Tenía razón en lo último pues estaba por recibir unas no muy buenas.

De hecho, las peores posibles.

Anduvimos en silencio por los blancos corredores. Cada vez había más puertas vidriosas a través de las cuales podía ver personas realizando diferentes actividades, algunos estaban en medio de exposiciones con diapositivas, otros estaban en lo que parecía ser conferencias, había algunos que estaban tecleando como enloquecidos en frente de unas enormes pantallas. En suma, parecía que estaba en el centro de una empresa de varios departamentos.

Seguí a Leo automáticamente pero no dejaba de mirar a mis alrededores como una recién bajada de un planeta distinto. Entonces el pasillo desembocó en un gran hall. Uno que tenía el tamaño de un centro comercial atiborrado de gente que iba y venía por todos lados, como si fuera un nido de hormigas. Y en medio de éste había un monumento geométrico de metal reluciente de esos modernos que no significan nada, o al menos para mí era así.

Pero me sobresalté cuando leí las enormes letras en relieve dorado "Orbe, desde 1972".

Arruinando vidas desde 1972, pensé.

Y tuve que apresurar el paso porque Leo había continuado de largo. Volvimos a sumergirnos en un pasillo y lo demás fue como una repetición de lo anterior.

No dejé de volver mi vista hacia donde se hallaba el gran hall. De repente, como si mi mente aún abrazara alguna duda, me vino la clara certeza de que me encontraba en un problema más grande que yo misma. Todo ese tiempo había estado pisando el suelo del susodicho Orbe. ¡Y hasta tenía monumento!

Me pregunté cómo era posible que nadie hubiera escuchado nunca hablar de una empresa que existía desde 1972.

—Entra —señaló Leo. No me había percatado que ya nos habíamos detenido y él sostenía la manija de una puerta de vidrio.

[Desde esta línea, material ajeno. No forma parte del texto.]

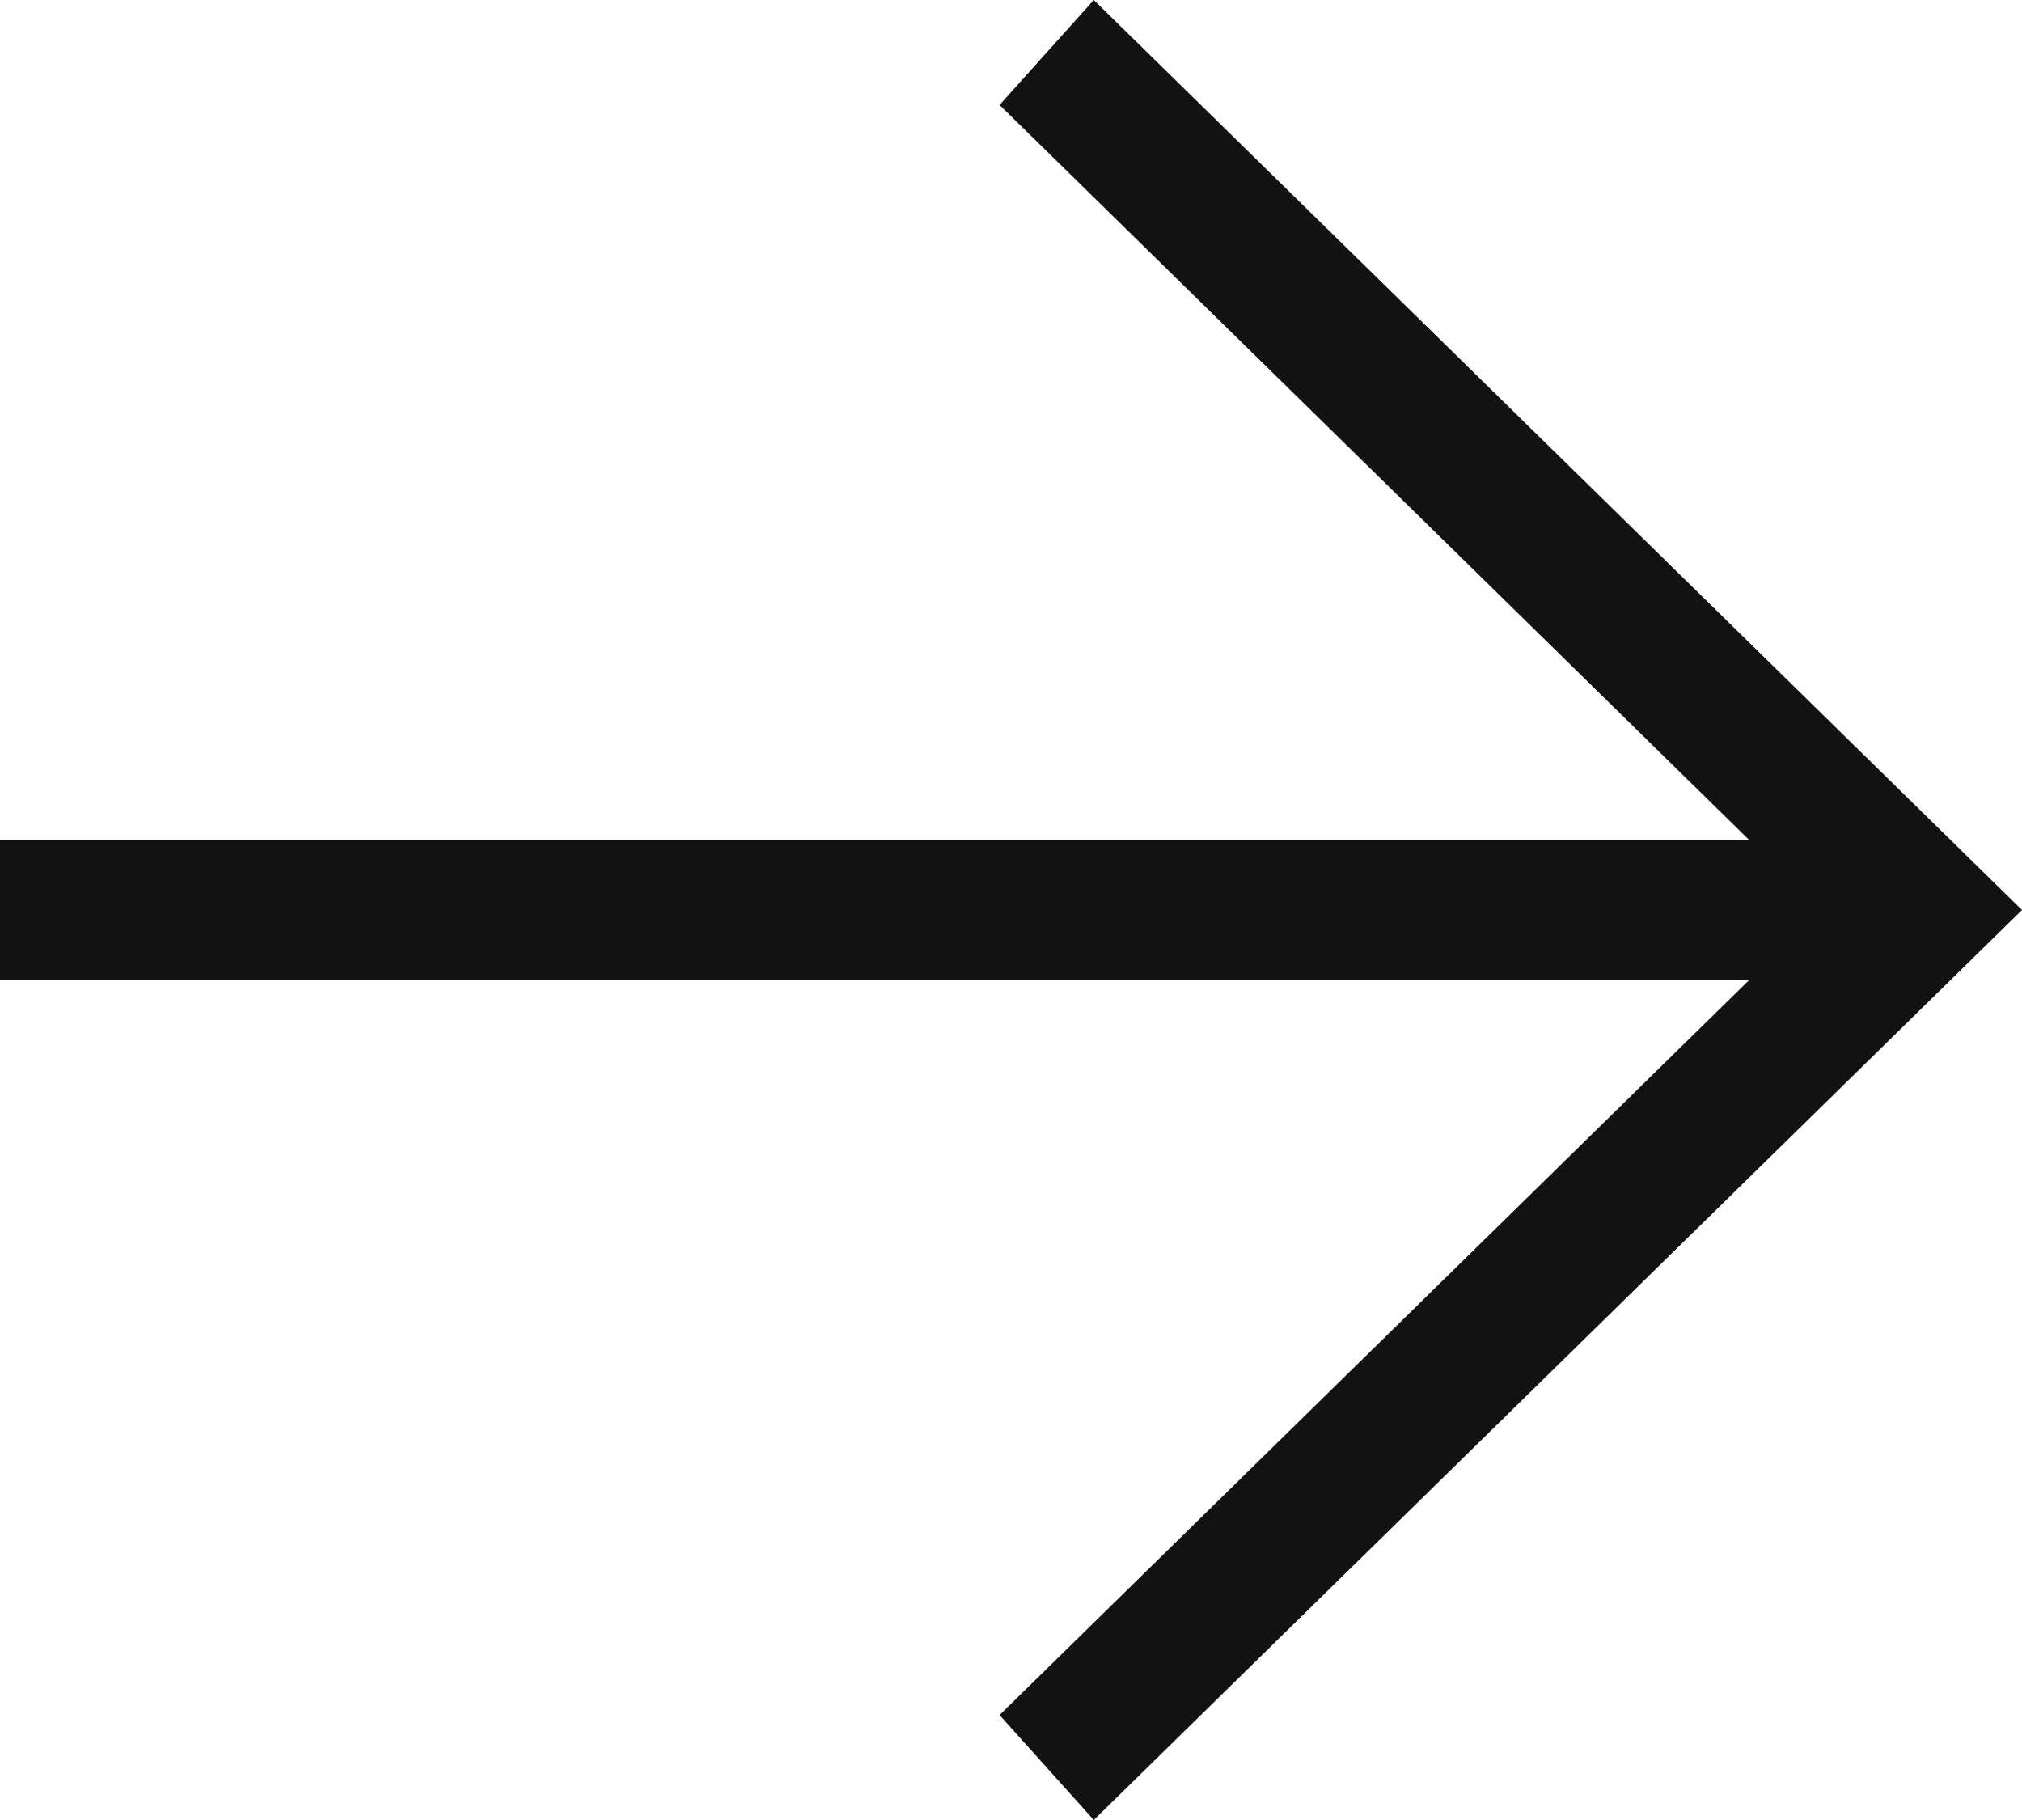 <svg width="20" height="18" viewBox="0 0 20 18" fill="none" xmlns="http://www.w3.org/2000/svg">
<path d="M-3.63141e-07 8.308L17.302 8.308L9.887 1.038L10.819 -4.01305e-07L20 9L10.819 18L9.887 16.962L17.302 9.692L-4.23664e-07 9.692L-3.63141e-07 8.308Z" fill="#121212"/>
</svg>

Me pareció extraño que tuviera modales, pero incluso esos los desplegaba con un estoicismo espeluznante.

Aquella sala estaba vacía y escasamente iluminada. No tenía nada, ni siquiera ventanas. Por un instante se me vino a la mente esas habitaciones donde encierran a los locos con una camisa de fuerza.

—Suerte —musitó Leo detrás de mí y justo después de que me volví para verlo, el muy desgraciado cerró la puerta con un ligero click.

Me quedé petrificada por unos segundos. Nunca habría imaginado que me dejaría encerrada. ¿O era una broma? ¿Cómo podía ser una broma? ¡Ese tipo era incapaz de reír! Entonces corrí hacia la puerta pero la manija estaba cerrada, no podía ver a través del vidrio nublado, ni siquiera sabía si él estaba aún detrás.

Justo antes de que me decidiera por darle una patada a la puerta, noté que algo se materializaba en medio de la nada de la habitación.

Algo que brotaba del suelo, puntos oscuros que se movían sinuosamente. Me percaté que no era sólo en el suelo, las paredes también parecían moverse con esas pequeñas cosas que se multiplicaron y empezaron a avanzar hacia mí.

Oh, por Dios. Eran cucarachas.

Estuve segura de que mi cara se había deformado como la de las personas que habían visto a Samara.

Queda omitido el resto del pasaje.